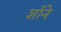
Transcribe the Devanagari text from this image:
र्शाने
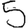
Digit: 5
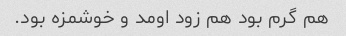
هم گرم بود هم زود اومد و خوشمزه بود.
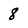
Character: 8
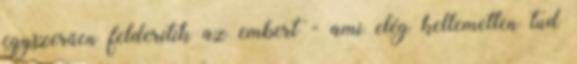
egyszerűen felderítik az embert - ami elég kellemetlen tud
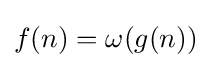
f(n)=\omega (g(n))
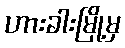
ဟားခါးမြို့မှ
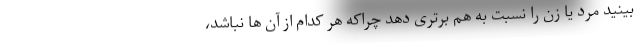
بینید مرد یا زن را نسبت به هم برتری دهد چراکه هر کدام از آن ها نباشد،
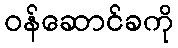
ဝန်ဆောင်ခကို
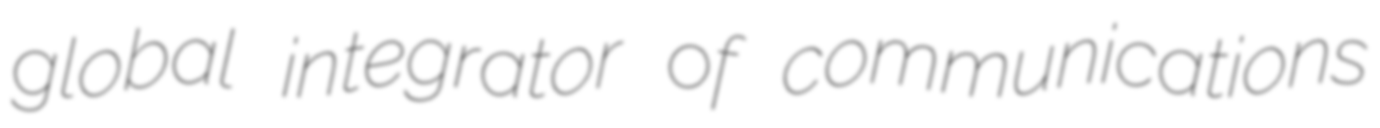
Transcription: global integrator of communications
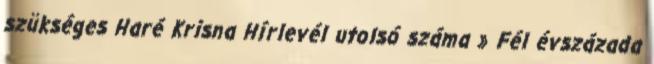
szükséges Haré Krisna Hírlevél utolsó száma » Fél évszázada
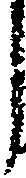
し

EXERCISE PROMPT. Repeat the material above precisely as it appears, omitting the images it contains.

WORKED SOLUTION.
Transcribe the Devanagari text from this image:
र्शाने
Digit: 5
هم گرم بود هم زود اومد و خوشمزه بود.
Character: 8
egyszerűen felderítik az embert - ami elég kellemetlen tud
f(n)=\omega (g(n))
ဟားခါးမြို့မှ
بینید مرد یا زن را نسبت به هم برتری دهد چراکه هر کدام از آن ها نباشد،
ဝန်ဆောင်ခကို
Transcription: global integrator of communications
szükséges Haré Krisna Hírlevél utolsó száma » Fél évszázada
し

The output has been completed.